When’s the last time you heard “In the Meantime?”
I heard it on the radio when I was at Home Depot in October 2019. It was weird because I was walking down an aisle and they have a camera thing where you see your own image so I saw myself walking towards the screen and “In the Meantime” was playing and it was like I was seeing another person’s reflection as if I was someone else and that was bizarre. I wonder if I got my royalties on that. [Laughs.]
You and Royston had plenty of ups and downs while you were in Spacehog and you haven’t been in touch in a while despite being brothers.
Yes, we’ve had a lot of ups and downs which is definitely a cliché about brothers. Look at the Gallaghers. I definitely miss him. I’ve always held my brother Roy in high esteem and I think there’s a deep love between me and my brother because we were so close growing up and then we were in a band for 10 years, and you get bored with the other person’s bullshit. Everyone’s got their shit. When you’re family, you can really get inside each other’s heads. I completely love my brother but often we need a break from family members.

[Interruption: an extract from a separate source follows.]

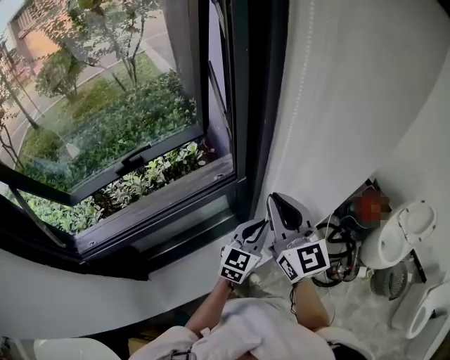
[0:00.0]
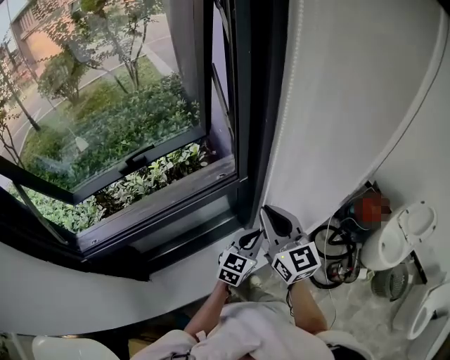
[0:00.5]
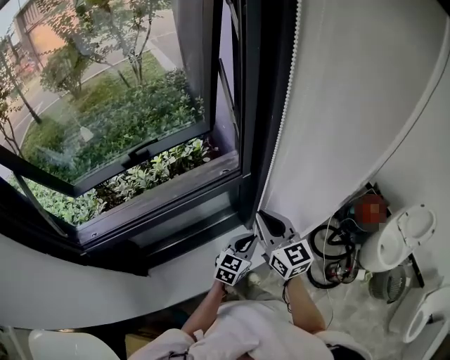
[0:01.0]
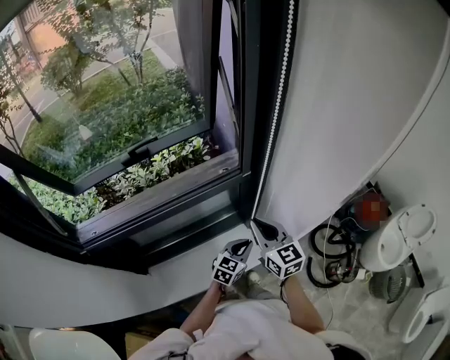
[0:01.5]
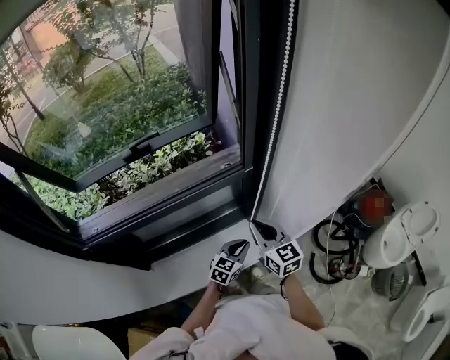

In addition to your music career, you’ve appeared in several films. What do you like about being an actor?
I’m nervous to call myself an actor, but acting is amazing and cathartic. The most invigorating experience I’ve ever had is when I get these moments when I’m really in the scene. It’s like meditating where you forget yourself. There’s a vast abyss where my self is at rest. I love the exploration and it brings up a lot of fear and insecurities but I love that, too. Performance is a way of communing. I’m more comfortable with that than the machinations of being polite and getting along. I don’t do well with that stuff often. I’m either overdoing it and selling myself out or underdoing it and pissing everyone off. That’s why, ironically, it’s in the performative I feel the most honest.
Are you writing new music?
Definitely. Music has a place in my life and I’m working on writing songs again at the moment but it’s not a trip down memory lane or an attempt to recapture some glory days. It’s really about the art of it and the therapy of it the catharsis of it and the sharing – the desire to heal myself and to be a healing agent in other people’s lives is important. It’s about what I can do that’s nourishing in some way to me and to others…You know, now that I’m running this all back in my mind as I talk to you, I’m thinking, ‘Jesus Christ, I’ve done quite a lot.” I didn’t realize I’ve done all this shit. I keep thinking that I’m just having lunch. [Laughs.]